Рабочий угрюмо усмехнулся.
— Пока солнце взойдёт, роса шары выест, господин! Лавка-то на приисках хозяйская, а есть-пить надо. Бог с ним и с паспортом!
— А не теснят без документа?
— Теснее, чем у наших хозяев, не будет. Наши тоже на тесноту попенять вздумали, однако…
— Что однако?
Рабочий нахмурился.
— Вам это, господин, не хуже нашего по газетам известно, — нехотя вымолвил он.
— Гм!.. Да… — Карновский вспомнил, как несколько месяцев назад смелая спекуляция с Ленскими дала ему в один день несколько десятков тысяч. — Ну, впрочем, времени нечего терять. В чём тут у вас дело, братцы? Чем вы моего Петра Петровича обеспокоили?

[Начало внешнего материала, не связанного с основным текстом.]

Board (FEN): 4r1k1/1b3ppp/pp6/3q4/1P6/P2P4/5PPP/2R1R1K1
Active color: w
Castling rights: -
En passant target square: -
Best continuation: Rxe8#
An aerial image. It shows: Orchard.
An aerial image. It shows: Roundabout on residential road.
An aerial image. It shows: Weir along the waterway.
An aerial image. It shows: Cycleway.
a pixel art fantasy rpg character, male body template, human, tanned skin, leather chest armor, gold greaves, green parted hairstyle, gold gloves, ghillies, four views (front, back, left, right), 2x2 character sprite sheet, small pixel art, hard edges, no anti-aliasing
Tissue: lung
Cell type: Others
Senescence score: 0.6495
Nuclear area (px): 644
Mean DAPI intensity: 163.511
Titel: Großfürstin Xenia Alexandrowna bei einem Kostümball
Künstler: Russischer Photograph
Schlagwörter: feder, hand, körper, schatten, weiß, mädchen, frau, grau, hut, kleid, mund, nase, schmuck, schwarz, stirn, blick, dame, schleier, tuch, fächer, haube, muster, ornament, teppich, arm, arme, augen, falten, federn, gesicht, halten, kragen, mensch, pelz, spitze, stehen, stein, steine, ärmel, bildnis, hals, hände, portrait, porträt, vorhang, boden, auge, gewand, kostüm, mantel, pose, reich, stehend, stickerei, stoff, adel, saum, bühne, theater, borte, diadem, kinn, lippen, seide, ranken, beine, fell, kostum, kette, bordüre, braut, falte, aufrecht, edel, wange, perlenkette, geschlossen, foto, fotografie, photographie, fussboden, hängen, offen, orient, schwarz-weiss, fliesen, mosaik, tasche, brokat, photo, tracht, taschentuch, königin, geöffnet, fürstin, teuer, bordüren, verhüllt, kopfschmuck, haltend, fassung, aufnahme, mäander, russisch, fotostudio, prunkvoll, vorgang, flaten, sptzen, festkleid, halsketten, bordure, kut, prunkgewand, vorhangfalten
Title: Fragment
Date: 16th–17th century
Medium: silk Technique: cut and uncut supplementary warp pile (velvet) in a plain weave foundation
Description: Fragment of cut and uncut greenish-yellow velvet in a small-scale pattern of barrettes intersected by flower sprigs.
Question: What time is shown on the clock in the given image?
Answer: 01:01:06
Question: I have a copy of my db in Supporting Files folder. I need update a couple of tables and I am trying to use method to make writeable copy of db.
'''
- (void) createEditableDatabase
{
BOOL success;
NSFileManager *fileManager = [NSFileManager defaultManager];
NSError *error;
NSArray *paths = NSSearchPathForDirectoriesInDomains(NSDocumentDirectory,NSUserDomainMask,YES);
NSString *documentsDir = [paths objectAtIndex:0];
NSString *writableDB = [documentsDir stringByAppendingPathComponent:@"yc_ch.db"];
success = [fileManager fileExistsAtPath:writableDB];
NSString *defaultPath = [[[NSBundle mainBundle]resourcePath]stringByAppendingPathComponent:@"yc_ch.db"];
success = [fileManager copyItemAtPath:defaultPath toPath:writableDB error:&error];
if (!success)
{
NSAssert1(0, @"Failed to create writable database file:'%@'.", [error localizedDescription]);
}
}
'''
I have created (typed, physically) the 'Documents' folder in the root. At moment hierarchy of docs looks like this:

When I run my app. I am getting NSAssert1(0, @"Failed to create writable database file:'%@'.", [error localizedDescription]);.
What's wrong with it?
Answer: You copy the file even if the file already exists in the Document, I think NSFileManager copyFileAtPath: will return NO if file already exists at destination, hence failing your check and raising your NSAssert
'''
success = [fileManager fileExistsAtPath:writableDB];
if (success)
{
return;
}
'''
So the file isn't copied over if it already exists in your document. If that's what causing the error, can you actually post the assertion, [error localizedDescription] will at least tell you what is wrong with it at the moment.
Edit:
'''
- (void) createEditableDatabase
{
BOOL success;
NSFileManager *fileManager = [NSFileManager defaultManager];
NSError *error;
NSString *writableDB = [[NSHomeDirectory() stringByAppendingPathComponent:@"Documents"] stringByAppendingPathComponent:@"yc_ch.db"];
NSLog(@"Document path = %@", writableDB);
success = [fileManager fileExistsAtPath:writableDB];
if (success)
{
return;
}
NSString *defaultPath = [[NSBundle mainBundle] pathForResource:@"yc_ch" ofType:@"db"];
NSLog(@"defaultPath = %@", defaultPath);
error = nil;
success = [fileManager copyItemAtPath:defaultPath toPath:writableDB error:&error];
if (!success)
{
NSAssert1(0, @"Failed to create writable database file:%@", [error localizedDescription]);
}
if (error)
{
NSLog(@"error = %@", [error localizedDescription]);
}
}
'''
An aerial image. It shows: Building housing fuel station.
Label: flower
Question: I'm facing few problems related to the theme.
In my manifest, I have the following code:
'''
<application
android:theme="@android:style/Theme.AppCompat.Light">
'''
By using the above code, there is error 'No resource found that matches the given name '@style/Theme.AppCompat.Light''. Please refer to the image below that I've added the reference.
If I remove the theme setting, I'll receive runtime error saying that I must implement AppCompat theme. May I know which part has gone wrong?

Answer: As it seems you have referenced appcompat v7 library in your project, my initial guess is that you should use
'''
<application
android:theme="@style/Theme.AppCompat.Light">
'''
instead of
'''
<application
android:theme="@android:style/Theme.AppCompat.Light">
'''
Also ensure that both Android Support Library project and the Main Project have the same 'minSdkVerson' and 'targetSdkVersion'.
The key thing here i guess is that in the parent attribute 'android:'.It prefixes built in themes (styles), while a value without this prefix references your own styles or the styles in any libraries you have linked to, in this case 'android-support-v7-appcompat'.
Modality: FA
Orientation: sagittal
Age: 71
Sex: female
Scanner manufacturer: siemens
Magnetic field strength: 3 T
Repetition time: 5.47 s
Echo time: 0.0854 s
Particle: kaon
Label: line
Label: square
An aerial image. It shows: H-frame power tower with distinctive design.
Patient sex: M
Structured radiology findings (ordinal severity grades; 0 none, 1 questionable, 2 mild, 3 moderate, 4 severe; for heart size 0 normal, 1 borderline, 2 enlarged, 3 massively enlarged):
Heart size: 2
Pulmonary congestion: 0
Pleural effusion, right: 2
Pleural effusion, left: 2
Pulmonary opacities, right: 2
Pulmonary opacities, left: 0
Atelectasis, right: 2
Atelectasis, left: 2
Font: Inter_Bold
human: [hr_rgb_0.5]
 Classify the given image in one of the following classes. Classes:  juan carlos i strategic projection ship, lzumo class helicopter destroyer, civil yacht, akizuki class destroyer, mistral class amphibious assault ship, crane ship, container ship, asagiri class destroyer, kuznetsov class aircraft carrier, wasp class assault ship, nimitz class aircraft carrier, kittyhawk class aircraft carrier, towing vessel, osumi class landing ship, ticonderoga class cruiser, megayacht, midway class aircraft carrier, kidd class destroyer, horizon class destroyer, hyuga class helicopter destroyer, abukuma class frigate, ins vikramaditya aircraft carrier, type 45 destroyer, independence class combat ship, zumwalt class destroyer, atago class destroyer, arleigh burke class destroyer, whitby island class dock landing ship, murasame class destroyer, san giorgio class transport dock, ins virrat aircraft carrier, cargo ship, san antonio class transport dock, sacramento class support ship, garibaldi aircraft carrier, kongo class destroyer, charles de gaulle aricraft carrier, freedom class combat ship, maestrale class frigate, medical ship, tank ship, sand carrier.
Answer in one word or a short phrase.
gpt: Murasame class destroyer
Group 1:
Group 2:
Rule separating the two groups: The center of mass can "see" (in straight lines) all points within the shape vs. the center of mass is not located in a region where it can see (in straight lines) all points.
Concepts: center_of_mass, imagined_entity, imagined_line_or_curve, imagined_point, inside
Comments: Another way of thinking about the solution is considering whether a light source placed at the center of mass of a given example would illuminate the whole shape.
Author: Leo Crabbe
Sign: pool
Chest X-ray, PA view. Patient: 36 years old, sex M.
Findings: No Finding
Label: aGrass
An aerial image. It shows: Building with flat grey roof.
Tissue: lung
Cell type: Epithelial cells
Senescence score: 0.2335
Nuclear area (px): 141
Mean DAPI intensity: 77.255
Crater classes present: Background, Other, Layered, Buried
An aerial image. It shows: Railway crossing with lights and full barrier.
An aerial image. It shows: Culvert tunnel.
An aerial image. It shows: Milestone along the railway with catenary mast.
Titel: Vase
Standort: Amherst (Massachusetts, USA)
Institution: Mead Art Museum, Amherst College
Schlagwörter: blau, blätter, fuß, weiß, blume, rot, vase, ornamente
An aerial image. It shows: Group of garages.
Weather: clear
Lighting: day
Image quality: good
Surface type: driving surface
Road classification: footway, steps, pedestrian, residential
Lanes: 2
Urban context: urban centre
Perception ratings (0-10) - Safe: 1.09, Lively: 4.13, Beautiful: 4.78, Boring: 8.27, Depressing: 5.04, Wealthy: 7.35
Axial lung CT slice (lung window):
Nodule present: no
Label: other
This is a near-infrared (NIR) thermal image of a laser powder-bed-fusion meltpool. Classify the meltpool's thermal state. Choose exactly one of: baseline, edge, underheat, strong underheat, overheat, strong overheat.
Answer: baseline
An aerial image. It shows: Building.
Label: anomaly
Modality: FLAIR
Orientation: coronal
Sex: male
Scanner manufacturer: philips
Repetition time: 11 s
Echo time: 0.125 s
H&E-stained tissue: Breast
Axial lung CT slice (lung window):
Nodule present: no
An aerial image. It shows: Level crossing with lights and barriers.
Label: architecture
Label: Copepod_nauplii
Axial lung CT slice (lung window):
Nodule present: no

Рыжий Николай порылся в котомке, вытащил кожаный расшитый ороченский кисет для табаку и протянул его Карновскому.
— Ваше превосходительство! — сказал он вкрадчиво. — Ежели бы для другого кого, поверьте совести, ни в жисть бы не объявили. Много выгодней самим стараться. Только зная вашего превосходительства простоту, как вы к нам, слепеньким, с уважением, так и мы… Опять же, мы, однако, в надежде, что вы нас за усердие наше не оставите… Извольте поглядеть!..
Карновский поставил фонарь на кухонный стол и высыпал к свету поближе содержимое кисета. Тускло блеснули желтоватые крупинки, потом стукнул о стол весь словно изъеденный, пористый, небольшой самородок.
— Золотников тридцать будет! — почтительно прошептал Николай, указывая корявым скрюченным пальцем на самородок.
— Где найдено? — холодно и спокойно спросил Карновский, лицо которого в свете фонаря стало на минуту серым.
— Саженей восемь либо десять от берега, ваше превосходительство… Как раз на полянке, супротив Гиблой Пади, левее Варначьей тропы.
— Стало быть, на моём участке?
— Так точно.
— Значки поставили?
— Неужели ж нет? Вашим именем всё обозначили.
— В одном месте?
— Никак нет. Мы почитай целую десятину шурфами исколупали. Только, дозвольте вам доложить, кроме как саженях в трёх возле первого шурфа, нигде не обозначилось… Не иначе как на «карман» наткнулись, а жила, должно, полевее к берегу, поглубже…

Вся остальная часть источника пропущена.